I’d stepped back against the door. Too quickly. I’d startled them. They jumped, squawked, flapped and grumbled.
‘Are you OK?’ asked Nick, frowning at me. ‘Sorry, should I have warned you?’
‘What are they?’ I asked, my eyes flicking from one creature to the next, taking in that they were all tethered to their perches. I still wasn’t moving from the door.
‘Peregrine falcons,’ Nick replied, approaching the nearest bird. The creature bent its head towards Nick’s outstretched hand, as though it would nuzzle against him. Or bite. Nick pulled out of reach before either could happen.

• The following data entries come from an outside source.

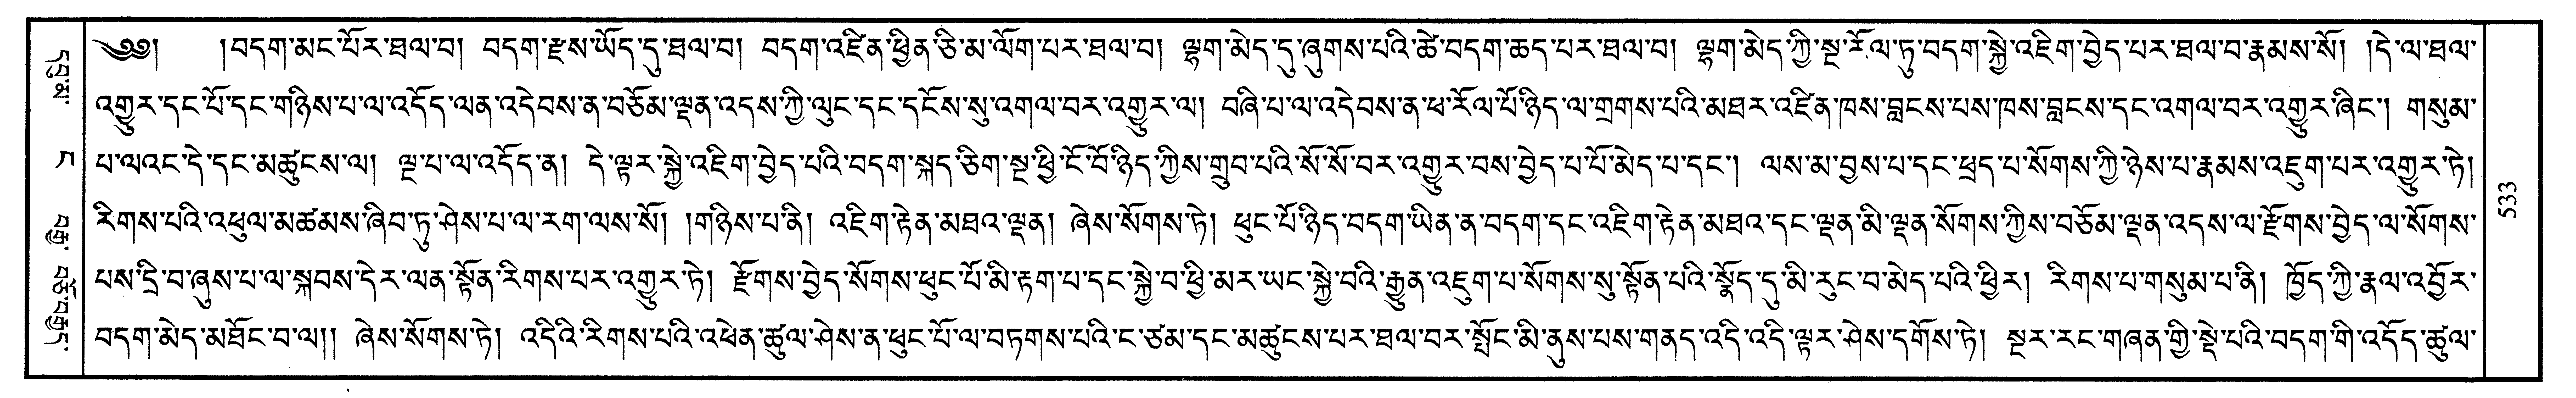༄༅། །བདག་མང་པོར་ཐལ་བ། བདག་རྫས་ཡོད་དུ་ཐལ་བ། བདག་འཛིན་ཕྱིན་ཅི་མ་ལོག་པར་ཐལ་བ། ལྷག་མེད་དུ་ཞུགས་པའི་ཚེ་བདག་ཆད་པར་ཐལ་བ། ལྷག་མེད་ཀྱི་སྔ་རོལ་ཏུ་བདག་སྐྱེ་འཇིག་བྱེད་པར་ཐལ་བ་རྣམས་སོ། །དེ་ལ་ཐལ་
འགྱུར་དང་པོ་དང་གཉིས་པ་ལ་འདོད་ལན་འདེབས་ན་བཅོམ་ལྡན་འདས་ཀྱི་ལུང་དང་དངོས་སུ་འགལ་བར་འགྱུར་ལ། བཞི་པ་ལ་འདེབས་ན་ཕ་རོལ་པོ་ཉིད་ལ་གྲགས་པའི་མཐར་འཛིན་ཁས་བླངས་པས་ཁས་བླངས་དང་འགལ་བར་འགྱུར་ཞིང་། གསུམ་
པ་ལའང་དེ་དང་མཚུངས་ལ། ལྔ་པ་ལ་འདོད་ན། དེ་ལྟར་སྐྱེ་འཇིག་བྱེད་པའི་བདག་སྐད་ཅིག་སྔ་ཕྱི་ངོ་བོ་ཉིད་ཀྱིས་གྲུབ་པའི་སོ་སོ་བར་འགྱུར་བས་བྱེད་པ་པོ་མེད་པ་དང་། ལས་མ་བྱས་པ་དང་ཕྲད་པ་སོགས་ཀྱི་ཉེས་པ་རྣམས་འཇུག་པར་འགྱུར་ཏེ།
རིགས་པའི་འཕུལ་མཚམས་ཞིབ་ཏུ་ཤེས་པ་ལ་རག་ལས་སོ། །གཉིས་པ་ནི། འཇིག་རྟེན་མཐའ་ལྡན། ཞེས་སོགས་ཏེ། ཕུང་པོ་ཉིད་བདག་ཡིན་ན་བདག་དང་འཇིག་རྟེན་མཐའ་དང་ལྡན་མི་ལྡན་སོགས་ཀྱིས་བཅོམ་ལྡན་འདས་ལ་རྫོགས་བྱེད་ལ་སོགས་
པས་དྲི་བ་ཞུས་པ་ལ་སྐབས་དེར་ལན་སྟོན་རིགས་པར་འགྱུར་ཏེ། རྫོགས་བྱེད་སོགས་ཕུང་པོ་མི་རྟག་པ་དང་སྐྱེ་བ་མི་ཕྱི་མར་ཡང་སྐྱེ་བའི་རྒྱུན་འཇུག་པ་སོགས་སུ་སྟོན་པའི་སྣོད་དུ་མི་རུང་བ་མེད་པའི་ཕྱིར། རིགས་པ་གསུམ་པ་ནི། ཁྱོད་ཀྱི་རྣལ་འབྱོར་
བདག་མེད་མཐོང་བ་ལ།། ཞེས་སོགས་ཏེ། འདིའི་རིགས་པའི་འཕེན་ཚུལ་ཤེས་ན་ཕུང་པོ་ལ་བཏགས་པའི་ང་ཙམ་དང་མཚུངས་པར་ཐལ་བར་སྤོང་མི་ནུས་པས་གནད་འདི་འདི་ལྟར་ཤེས་དགོས་ཏེ། སྔར་རང་གཞན་གྱི་སྡེ་པའི་བདག་གི་འདོད་ཚུལ་

The birds differed slightly in size but were identical in colouring. The feathers on their backs and upper wings were the colour of rain-drenched slate. Those on their breasts were cream and cinnamon, dappled with black. ‘Fastest creatures on the planet,’ said Nick. ‘Haldir, this is Laura.’
The falcon looked at me. Its eyes were black, rimmed with yellow. I’d seen people with less intelligence in their eyes.
‘I thought that was the cheetah,’ I said. The falcon hadn’t taken its eyes off me.
‘Cheetah, shmeetah,’ said Nick, lifting his fingers towards the bird again, pulling them out of reach as the bird ducked its head. ‘The cheetah can run at seventy miles an hour for a couple of minutes. Peregrines have been recorded diving at two hundred miles per hour.’
At the far end of the shed, on a separate, raised perch, a bird that I was pretty certain was an owl jumped and spread its wings, as though clamouring for attention.
‘Well, I would be impressed, but isn’t that just the same as falling?’ I said. ‘If you’re high enough, don’t you just gather speed ad infinitum?’